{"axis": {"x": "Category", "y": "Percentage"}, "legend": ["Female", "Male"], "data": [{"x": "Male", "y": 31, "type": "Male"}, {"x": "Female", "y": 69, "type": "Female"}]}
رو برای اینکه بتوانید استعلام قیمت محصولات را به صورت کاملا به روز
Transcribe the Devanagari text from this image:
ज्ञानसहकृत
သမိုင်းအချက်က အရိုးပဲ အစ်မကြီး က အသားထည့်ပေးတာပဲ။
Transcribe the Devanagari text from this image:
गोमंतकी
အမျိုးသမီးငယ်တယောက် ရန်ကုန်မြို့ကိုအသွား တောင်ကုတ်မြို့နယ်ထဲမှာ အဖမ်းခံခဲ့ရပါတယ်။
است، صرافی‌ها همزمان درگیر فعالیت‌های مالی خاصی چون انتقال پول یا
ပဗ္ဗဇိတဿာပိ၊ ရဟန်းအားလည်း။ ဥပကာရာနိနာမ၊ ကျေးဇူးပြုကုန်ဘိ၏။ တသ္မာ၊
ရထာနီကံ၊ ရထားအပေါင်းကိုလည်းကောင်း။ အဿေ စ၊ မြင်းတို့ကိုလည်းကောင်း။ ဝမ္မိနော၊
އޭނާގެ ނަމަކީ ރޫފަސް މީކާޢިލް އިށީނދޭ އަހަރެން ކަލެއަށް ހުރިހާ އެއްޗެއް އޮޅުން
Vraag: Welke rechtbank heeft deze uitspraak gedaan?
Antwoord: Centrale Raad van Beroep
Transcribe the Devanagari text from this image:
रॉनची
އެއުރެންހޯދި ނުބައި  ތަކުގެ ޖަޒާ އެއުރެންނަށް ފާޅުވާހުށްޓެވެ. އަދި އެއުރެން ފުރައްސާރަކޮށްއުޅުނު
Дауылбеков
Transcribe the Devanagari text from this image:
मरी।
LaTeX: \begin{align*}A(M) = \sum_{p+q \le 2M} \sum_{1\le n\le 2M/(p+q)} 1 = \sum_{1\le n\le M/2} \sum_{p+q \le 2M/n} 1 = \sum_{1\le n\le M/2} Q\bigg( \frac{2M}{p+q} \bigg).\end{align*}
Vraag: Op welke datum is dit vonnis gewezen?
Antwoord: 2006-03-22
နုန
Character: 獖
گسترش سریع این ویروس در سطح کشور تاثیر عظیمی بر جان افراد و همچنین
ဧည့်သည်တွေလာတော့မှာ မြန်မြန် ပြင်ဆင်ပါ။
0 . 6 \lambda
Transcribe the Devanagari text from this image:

▶ ASSIGNMENT
Your response should contain each line of the listing in which the word "Vraag" occurs.

▶ RESPONSE
Vraag: Welke rechtbank heeft deze uitspraak gedaan?
Vraag: Op welke datum is dit vonnis gewezen?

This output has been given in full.